#### Exercise details:
Copy all lines in the data that contain the string "version".

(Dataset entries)

◇ ◇ ◇ ◇ ◇ ◇ ◇

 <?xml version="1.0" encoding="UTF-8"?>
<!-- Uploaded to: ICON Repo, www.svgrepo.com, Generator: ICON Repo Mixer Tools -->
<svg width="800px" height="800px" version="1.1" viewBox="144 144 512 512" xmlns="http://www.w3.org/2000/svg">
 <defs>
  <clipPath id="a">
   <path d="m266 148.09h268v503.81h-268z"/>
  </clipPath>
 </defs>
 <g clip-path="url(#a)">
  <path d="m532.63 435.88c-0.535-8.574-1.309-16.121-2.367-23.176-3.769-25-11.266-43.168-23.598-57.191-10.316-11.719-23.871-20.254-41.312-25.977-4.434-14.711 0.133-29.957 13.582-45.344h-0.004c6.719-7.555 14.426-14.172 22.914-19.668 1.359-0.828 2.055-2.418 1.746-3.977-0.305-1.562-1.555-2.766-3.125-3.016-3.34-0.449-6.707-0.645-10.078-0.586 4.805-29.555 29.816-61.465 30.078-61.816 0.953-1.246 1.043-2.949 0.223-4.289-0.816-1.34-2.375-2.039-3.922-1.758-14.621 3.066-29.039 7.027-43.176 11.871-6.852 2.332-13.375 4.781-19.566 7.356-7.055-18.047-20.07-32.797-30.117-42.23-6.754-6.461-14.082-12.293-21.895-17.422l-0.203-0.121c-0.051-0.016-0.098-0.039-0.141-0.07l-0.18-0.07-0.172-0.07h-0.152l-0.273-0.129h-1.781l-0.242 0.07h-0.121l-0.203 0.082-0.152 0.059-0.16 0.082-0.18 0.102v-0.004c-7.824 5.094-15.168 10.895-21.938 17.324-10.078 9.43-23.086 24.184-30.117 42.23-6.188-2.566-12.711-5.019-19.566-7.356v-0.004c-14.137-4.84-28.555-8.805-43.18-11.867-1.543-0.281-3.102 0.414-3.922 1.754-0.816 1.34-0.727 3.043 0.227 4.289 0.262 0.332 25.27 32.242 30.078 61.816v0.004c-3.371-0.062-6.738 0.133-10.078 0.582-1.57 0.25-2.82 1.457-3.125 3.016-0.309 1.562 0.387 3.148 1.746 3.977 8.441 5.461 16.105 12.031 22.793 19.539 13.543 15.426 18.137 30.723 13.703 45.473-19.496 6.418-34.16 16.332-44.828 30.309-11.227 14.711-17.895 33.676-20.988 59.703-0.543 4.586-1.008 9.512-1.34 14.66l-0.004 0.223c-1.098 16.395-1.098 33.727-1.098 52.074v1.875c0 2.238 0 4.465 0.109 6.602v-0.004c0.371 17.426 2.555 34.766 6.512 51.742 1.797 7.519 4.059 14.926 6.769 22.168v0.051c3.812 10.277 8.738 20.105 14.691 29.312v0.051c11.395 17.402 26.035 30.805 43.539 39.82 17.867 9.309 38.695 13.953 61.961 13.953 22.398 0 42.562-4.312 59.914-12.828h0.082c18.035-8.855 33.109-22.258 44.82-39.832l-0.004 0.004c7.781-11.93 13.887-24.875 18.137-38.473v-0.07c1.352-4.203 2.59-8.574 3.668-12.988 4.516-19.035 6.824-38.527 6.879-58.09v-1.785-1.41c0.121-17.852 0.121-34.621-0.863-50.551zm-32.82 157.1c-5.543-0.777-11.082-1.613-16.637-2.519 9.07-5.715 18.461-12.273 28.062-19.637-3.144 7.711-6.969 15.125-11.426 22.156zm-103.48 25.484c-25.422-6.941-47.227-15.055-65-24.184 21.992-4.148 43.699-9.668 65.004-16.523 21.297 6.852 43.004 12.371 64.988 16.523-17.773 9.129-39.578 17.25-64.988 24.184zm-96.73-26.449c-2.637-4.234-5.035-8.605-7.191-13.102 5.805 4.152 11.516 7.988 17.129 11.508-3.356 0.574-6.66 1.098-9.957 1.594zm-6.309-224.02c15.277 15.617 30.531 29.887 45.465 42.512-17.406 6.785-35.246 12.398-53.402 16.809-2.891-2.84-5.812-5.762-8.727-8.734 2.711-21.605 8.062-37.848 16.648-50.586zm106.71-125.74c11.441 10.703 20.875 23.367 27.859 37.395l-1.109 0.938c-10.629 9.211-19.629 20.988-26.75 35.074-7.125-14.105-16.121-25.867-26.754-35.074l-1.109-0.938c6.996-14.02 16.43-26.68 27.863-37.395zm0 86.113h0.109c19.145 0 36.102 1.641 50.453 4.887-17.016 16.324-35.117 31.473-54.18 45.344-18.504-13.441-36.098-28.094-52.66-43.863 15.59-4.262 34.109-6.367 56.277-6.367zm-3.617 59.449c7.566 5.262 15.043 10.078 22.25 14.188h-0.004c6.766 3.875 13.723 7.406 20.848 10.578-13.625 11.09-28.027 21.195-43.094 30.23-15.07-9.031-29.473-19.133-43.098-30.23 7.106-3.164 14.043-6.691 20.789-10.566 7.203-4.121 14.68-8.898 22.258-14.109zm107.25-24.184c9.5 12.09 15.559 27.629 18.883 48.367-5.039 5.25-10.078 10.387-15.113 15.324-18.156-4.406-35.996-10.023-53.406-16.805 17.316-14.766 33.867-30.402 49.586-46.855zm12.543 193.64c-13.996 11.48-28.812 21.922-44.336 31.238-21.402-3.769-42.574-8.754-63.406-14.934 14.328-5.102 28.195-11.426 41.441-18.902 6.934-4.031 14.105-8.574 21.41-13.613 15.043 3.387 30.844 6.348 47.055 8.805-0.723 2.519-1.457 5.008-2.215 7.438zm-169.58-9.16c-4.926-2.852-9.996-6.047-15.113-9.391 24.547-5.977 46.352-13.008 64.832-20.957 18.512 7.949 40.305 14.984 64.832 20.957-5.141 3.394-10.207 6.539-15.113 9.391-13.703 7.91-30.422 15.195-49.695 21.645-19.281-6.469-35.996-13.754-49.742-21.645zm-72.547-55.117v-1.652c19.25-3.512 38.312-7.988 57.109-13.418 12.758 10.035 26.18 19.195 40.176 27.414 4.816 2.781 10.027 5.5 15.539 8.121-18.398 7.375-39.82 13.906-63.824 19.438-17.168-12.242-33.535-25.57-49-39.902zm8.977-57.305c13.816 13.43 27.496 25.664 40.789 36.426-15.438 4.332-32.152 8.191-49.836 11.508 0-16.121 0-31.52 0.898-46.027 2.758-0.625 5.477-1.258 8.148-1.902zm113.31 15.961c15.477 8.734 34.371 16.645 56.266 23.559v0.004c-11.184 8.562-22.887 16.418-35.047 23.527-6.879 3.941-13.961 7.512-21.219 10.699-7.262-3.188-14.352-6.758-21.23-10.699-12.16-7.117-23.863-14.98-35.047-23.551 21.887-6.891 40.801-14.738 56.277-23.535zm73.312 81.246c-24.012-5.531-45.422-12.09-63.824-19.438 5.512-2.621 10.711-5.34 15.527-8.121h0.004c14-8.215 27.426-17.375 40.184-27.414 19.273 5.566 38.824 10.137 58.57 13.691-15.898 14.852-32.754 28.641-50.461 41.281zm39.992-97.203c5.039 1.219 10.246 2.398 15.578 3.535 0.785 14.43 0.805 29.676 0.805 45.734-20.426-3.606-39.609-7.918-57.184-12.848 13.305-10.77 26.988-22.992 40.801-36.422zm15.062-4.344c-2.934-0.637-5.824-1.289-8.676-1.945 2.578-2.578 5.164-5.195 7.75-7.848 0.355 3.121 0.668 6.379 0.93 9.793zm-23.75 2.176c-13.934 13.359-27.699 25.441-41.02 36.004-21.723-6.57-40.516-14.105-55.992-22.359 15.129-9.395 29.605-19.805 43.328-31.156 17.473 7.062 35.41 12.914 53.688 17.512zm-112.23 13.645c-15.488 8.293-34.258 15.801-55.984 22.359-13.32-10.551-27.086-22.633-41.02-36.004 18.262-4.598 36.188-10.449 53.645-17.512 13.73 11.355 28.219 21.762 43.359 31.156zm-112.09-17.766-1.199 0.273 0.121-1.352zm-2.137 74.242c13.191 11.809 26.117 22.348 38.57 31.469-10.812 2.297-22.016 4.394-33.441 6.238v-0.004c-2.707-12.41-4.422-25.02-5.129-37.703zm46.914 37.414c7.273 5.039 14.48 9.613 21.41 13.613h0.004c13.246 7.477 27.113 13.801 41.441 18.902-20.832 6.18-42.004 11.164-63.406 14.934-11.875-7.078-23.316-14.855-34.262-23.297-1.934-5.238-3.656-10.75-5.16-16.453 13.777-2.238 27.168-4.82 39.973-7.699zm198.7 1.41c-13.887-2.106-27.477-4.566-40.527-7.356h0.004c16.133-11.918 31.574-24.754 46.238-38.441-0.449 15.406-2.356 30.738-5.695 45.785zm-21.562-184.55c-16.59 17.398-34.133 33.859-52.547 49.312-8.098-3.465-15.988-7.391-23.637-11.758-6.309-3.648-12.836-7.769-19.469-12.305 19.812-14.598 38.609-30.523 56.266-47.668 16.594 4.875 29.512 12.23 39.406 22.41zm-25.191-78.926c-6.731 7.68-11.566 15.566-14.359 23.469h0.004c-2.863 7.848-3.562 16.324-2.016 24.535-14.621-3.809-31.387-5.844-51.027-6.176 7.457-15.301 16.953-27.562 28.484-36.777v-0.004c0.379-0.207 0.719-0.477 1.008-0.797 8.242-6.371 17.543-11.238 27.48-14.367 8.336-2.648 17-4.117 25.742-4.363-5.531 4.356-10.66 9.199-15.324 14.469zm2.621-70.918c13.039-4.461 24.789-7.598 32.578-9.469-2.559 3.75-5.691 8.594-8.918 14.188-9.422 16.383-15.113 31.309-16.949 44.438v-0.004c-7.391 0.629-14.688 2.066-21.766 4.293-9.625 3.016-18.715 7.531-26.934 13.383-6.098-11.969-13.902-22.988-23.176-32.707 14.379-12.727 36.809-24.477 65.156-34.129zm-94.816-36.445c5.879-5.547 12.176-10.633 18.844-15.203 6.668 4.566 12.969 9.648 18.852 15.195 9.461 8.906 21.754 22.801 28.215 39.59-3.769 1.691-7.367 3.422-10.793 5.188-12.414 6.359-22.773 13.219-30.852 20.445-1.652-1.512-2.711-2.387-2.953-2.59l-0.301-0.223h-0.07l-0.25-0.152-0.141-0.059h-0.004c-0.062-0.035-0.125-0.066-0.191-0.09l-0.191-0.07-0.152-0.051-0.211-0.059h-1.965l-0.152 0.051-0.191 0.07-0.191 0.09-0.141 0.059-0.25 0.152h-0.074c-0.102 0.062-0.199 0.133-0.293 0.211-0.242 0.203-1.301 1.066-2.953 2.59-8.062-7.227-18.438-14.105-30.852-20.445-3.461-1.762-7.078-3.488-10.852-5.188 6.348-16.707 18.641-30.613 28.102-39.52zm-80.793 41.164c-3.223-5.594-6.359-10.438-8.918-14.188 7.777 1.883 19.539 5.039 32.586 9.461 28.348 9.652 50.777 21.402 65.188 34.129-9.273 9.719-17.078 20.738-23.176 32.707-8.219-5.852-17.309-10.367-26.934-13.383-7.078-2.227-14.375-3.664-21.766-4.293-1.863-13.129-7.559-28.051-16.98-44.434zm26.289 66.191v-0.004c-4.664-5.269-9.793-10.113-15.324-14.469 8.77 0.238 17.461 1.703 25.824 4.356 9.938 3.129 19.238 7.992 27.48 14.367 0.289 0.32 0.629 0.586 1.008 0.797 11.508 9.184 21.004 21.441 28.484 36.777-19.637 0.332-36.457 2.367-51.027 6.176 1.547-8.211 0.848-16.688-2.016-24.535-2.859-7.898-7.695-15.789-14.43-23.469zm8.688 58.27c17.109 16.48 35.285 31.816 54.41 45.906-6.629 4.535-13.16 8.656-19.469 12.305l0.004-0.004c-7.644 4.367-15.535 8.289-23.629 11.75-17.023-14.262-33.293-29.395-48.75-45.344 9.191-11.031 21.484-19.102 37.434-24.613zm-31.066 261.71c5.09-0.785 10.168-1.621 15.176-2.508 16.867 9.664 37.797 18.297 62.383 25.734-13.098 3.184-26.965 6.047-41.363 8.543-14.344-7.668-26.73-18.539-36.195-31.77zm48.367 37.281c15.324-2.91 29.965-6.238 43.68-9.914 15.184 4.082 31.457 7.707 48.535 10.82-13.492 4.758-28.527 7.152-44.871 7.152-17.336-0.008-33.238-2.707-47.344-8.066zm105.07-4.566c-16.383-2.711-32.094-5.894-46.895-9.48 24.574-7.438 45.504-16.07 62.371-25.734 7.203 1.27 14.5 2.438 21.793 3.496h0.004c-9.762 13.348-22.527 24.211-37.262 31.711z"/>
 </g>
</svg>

◇ ◇ ◇ ◇ ◇ ◇ ◇

#### Response to this task:
 <?xml version="1.0" encoding="UTF-8"?>
<svg width="800px" height="800px" version="1.1" viewBox="144 144 512 512" xmlns="http://www.w3.org/2000/svg">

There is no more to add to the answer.